Yang Runtao, Wu Feng, Zhang Chengjin, Zhang Lina
School of Mechanical, Electrical and Information Engineering, Shandong University, Weihai 264209, China.
Int J Mol Sci. 2021 Mar 30;22(7):3589. doi: 10.3390/ijms22073589.
As critical components of DNA, enhancers can efficiently and specifically manipulate the spatial and temporal regulation of gene transcription. Malfunction or dysregulation of enhancers is implicated in a slew of human pathology. Therefore, identifying enhancers and their strength may provide insights into the molecular mechanisms of gene transcription and facilitate the discovery of candidate drug targets. In this paper, a new enhancer and its strength predictor, iEnhancer-GAN, is proposed based on a deep learning framework in combination with the word embedding and sequence generative adversarial net (Seq-GAN).
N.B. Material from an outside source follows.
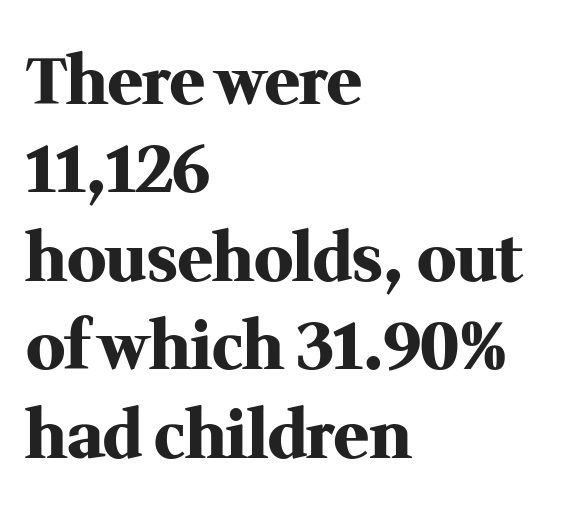
The image shows 65 px heavy serif type, upright; set left-aligned, normal line spacing (1.36x), normal letter spacing, not underlined; medium stroke contrast and a medium x-height.

Considering the relatively small training dataset, the Seq-GAN is designed to generate artificial sequences. Given that each functional element in DNA sequences is analogous to a "word" in linguistics, the word segmentation methods are proposed to divide DNA sequences into "words", and the skip-gram model is employed to transform the "words" into digital vectors. In view of the powerful ability to extract high-level abstraction features, a convolutional neural network (CNN) architecture is constructed to perform the identification tasks, and the word vectors of DNA sequences are vertically concatenated to form the embedding matrices as the input of the CNN. Experimental results demonstrate the effectiveness of the Seq-GAN to expand the training dataset, the possibility of applying word segmentation methods to extract "words" from DNA sequences, the feasibility of implementing the skip-gram model to encode DNA sequences, and the powerful prediction ability of the CNN. Compared with other state-of-the-art methods on the training dataset and independent test dataset, the proposed method achieves a significantly improved overall performance. It is anticipated that the proposed method has a certain promotion effect on enhancer related fields.
作为DNA的关键组成部分,增强子能够高效且特异性地调控基因转录的时空过程。增强子的功能异常或失调与一系列人类疾病相关。因此,识别增强子及其强度可能有助于深入了解基因转录的分子机制,并促进候选药物靶点的发现。本文基于深度学习框架,结合词嵌入和序列生成对抗网络(Seq-GAN),提出了一种新的增强子及其强度预测器iEnhancer-GAN。考虑到训练数据集相对较小,Seq-GAN被设计用于生成人工序列。鉴于DNA序列中的每个功能元件类似于语言学中的一个“词”,本文提出了分词方法将DNA序列划分为“词”,并采用跳字模型将这些“词”转换为数字向量。鉴于卷积神经网络(CNN)具有强大的提取高级抽象特征的能力,构建了CNN架构来执行识别任务,并将DNA序列的词向量垂直拼接形成嵌入矩阵作为CNN的输入。实验结果证明了Seq-GAN扩展训练数据集的有效性、应用分词方法从DNA序列中提取“词”的可能性、实现跳字模型对DNA序列进行编码的可行性以及CNN强大的预测能力。与训练数据集和独立测试数据集上的其他现有方法相比,所提出的方法在整体性能上有显著提升。预计该方法将对增强子相关领域有一定的推动作用。